== DATA IN THIS EXERCISE

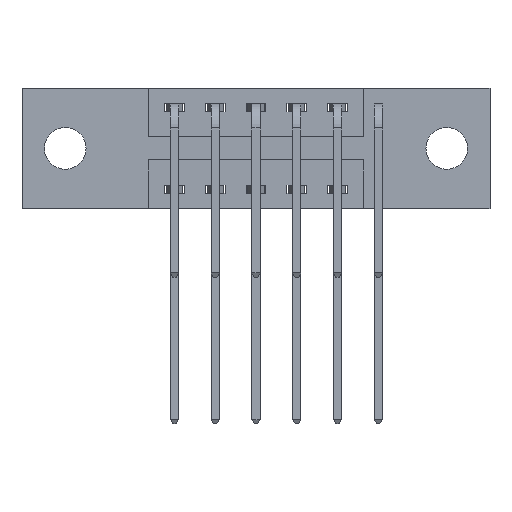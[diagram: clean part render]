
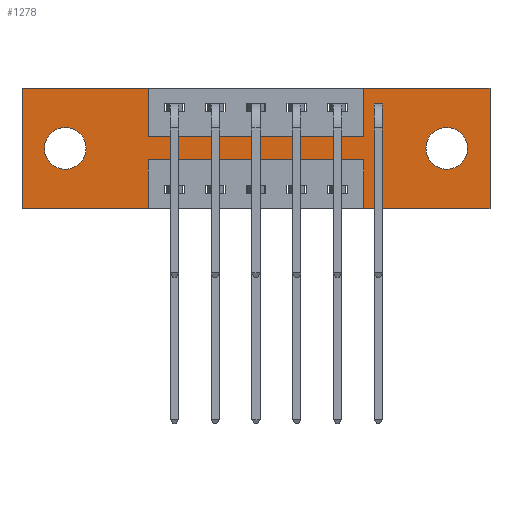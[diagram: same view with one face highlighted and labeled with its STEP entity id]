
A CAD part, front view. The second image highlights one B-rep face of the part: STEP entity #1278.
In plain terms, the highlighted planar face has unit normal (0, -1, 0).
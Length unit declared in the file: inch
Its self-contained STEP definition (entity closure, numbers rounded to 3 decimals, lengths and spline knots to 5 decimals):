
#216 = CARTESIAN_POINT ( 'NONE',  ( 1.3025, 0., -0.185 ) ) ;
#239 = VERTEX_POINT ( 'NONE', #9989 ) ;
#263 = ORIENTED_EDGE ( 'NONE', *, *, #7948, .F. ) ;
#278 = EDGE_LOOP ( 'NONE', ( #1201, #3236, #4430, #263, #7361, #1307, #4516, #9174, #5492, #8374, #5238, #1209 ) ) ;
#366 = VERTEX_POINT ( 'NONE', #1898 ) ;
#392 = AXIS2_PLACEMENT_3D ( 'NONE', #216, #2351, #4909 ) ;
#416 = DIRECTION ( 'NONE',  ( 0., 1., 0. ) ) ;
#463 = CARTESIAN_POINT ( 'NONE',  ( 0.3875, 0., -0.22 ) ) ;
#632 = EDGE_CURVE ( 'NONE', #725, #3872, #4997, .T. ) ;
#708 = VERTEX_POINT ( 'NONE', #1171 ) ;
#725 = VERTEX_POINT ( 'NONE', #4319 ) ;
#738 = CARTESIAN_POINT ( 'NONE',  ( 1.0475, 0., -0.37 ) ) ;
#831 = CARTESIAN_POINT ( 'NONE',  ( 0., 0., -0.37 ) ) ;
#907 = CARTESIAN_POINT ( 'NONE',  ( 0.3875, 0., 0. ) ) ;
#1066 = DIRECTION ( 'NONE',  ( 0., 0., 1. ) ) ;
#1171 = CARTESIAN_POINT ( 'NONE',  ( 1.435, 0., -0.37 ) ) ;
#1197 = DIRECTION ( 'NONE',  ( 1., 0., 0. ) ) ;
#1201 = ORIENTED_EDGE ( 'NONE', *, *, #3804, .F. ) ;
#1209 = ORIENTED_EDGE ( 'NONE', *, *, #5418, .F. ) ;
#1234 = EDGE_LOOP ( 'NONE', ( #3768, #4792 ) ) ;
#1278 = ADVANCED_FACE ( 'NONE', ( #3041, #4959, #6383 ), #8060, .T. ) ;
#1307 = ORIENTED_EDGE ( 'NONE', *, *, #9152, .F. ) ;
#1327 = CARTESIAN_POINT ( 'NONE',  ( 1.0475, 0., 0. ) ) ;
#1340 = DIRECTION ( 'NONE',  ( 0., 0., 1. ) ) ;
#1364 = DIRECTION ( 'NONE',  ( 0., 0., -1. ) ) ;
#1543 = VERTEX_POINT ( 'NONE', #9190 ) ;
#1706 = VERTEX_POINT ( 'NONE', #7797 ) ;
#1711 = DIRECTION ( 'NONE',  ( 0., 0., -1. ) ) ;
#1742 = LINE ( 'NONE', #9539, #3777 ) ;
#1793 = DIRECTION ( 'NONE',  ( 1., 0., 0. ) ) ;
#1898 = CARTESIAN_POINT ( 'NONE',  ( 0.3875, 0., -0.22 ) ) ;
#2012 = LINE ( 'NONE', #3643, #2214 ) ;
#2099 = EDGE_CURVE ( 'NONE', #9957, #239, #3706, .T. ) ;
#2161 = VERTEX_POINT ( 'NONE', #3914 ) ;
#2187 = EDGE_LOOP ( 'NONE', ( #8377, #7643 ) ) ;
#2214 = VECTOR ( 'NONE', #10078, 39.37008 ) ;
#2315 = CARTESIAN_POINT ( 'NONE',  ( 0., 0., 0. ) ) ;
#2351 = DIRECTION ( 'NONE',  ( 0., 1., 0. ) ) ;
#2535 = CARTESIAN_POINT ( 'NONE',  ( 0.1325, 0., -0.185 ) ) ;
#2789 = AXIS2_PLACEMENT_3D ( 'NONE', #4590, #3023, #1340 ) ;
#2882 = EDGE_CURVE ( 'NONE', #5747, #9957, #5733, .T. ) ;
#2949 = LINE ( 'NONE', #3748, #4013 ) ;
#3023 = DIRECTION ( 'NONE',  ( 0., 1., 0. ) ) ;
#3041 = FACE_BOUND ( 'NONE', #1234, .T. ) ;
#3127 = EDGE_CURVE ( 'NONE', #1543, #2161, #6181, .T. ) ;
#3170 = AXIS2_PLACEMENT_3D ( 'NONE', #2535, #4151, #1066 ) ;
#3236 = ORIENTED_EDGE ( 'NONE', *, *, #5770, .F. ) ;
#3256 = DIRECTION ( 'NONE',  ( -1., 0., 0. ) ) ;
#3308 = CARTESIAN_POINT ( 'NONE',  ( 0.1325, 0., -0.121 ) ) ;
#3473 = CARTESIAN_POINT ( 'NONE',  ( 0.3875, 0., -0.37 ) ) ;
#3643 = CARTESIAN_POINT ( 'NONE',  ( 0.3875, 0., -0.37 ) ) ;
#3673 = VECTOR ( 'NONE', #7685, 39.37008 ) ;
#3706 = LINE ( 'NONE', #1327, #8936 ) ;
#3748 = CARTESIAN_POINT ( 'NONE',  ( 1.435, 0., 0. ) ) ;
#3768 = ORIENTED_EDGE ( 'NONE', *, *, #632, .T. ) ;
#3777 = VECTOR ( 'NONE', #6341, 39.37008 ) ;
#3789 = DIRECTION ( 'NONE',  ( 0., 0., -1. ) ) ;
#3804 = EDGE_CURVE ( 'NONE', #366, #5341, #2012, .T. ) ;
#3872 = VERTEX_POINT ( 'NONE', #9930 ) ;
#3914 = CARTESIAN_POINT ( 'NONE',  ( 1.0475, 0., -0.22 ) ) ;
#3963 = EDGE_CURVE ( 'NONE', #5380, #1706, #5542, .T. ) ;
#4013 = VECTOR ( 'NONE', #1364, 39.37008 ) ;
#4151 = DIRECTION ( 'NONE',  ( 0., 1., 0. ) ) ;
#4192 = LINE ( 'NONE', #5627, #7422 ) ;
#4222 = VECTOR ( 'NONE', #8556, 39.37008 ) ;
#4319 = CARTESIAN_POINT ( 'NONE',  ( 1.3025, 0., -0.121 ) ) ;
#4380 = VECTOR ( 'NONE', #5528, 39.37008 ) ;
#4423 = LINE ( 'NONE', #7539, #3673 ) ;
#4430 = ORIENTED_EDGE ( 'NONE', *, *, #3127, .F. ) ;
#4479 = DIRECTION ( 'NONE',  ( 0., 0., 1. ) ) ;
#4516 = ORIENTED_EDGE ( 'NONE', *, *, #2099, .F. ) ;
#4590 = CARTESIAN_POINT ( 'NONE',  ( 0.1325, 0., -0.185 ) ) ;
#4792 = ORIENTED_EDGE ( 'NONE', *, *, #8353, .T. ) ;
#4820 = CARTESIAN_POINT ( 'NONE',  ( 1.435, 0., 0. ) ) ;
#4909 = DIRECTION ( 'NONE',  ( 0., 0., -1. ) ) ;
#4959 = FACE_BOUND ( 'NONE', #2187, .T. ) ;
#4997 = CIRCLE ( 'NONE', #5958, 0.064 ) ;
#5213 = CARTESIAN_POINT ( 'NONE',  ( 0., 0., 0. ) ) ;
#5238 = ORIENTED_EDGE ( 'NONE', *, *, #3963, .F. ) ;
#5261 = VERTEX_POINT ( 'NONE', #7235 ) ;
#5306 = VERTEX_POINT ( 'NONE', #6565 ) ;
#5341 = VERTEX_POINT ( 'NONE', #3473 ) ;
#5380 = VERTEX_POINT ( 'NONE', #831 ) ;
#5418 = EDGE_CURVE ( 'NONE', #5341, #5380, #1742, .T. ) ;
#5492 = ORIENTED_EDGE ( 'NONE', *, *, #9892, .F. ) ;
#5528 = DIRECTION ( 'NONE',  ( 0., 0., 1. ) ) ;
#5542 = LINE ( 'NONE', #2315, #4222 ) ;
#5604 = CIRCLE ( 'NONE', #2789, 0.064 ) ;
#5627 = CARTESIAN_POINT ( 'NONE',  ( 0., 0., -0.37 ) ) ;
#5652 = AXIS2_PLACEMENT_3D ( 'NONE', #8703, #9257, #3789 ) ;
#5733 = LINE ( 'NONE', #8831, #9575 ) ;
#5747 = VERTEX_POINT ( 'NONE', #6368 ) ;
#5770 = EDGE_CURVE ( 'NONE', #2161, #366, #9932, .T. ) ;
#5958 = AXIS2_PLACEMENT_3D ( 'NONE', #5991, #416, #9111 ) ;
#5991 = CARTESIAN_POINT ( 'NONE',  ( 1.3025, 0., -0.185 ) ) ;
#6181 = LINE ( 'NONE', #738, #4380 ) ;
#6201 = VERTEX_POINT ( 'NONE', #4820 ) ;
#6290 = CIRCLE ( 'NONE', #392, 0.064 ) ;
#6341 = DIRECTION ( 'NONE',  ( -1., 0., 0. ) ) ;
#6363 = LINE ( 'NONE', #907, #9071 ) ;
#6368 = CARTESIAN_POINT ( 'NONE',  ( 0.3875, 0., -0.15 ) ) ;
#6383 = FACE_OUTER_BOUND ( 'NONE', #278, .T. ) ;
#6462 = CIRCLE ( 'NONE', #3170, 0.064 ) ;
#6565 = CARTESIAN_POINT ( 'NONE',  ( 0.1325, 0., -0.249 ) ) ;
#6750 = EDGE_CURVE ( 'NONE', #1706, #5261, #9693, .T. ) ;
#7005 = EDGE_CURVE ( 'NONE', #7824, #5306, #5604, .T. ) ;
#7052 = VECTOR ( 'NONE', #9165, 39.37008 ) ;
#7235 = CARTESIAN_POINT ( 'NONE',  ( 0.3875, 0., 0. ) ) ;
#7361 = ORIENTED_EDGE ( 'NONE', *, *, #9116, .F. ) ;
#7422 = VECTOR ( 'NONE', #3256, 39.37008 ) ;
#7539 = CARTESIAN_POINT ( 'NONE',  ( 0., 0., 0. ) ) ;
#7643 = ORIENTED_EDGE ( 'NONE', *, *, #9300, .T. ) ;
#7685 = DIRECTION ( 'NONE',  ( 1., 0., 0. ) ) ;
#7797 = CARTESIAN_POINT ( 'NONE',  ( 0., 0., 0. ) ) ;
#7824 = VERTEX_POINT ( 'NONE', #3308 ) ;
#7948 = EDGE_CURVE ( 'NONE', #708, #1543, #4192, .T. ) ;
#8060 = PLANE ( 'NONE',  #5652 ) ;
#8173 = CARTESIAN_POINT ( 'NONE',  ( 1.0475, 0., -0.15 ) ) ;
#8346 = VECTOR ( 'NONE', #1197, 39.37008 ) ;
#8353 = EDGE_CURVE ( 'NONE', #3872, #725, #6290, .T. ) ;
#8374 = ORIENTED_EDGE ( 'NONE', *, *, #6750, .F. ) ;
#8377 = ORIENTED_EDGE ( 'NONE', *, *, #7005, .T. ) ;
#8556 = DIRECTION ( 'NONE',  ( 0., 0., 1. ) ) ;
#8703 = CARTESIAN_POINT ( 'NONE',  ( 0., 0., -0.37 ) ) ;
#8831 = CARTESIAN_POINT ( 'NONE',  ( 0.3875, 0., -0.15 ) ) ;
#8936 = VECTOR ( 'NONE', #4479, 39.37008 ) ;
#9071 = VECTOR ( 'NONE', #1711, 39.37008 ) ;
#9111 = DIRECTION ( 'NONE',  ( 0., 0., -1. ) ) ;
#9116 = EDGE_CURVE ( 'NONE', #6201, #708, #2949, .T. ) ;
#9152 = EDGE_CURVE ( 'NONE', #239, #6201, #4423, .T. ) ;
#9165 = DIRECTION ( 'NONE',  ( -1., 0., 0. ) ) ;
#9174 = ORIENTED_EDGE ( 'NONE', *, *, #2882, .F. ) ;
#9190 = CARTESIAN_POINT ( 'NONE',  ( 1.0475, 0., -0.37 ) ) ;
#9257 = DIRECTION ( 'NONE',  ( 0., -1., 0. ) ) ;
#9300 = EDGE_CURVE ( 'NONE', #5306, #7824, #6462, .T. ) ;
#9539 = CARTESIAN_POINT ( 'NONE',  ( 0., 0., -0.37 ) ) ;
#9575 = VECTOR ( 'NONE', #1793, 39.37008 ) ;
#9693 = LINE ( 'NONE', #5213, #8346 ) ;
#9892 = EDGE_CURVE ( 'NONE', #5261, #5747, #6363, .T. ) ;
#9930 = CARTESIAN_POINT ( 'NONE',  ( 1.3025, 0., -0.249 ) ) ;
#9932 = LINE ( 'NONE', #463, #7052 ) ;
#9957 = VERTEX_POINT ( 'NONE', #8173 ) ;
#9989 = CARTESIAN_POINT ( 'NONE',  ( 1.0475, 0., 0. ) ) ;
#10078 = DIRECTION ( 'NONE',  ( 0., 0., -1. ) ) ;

====

Find "#9257 = DIRECTION" in the entries above and copy that whole line exactly, then each line after it through the line that contains "#9693 = LINE ( 'NONE', #5213, #8346 ) ;".

#9257 = DIRECTION ( 'NONE',  ( 0., -1., 0. ) ) ;
#9300 = EDGE_CURVE ( 'NONE', #5306, #7824, #6462, .T. ) ;
#9539 = CARTESIAN_POINT ( 'NONE',  ( 0., 0., -0.37 ) ) ;
#9575 = VECTOR ( 'NONE', #1793, 39.37008 ) ;
#9693 = LINE ( 'NONE', #5213, #8346 ) ;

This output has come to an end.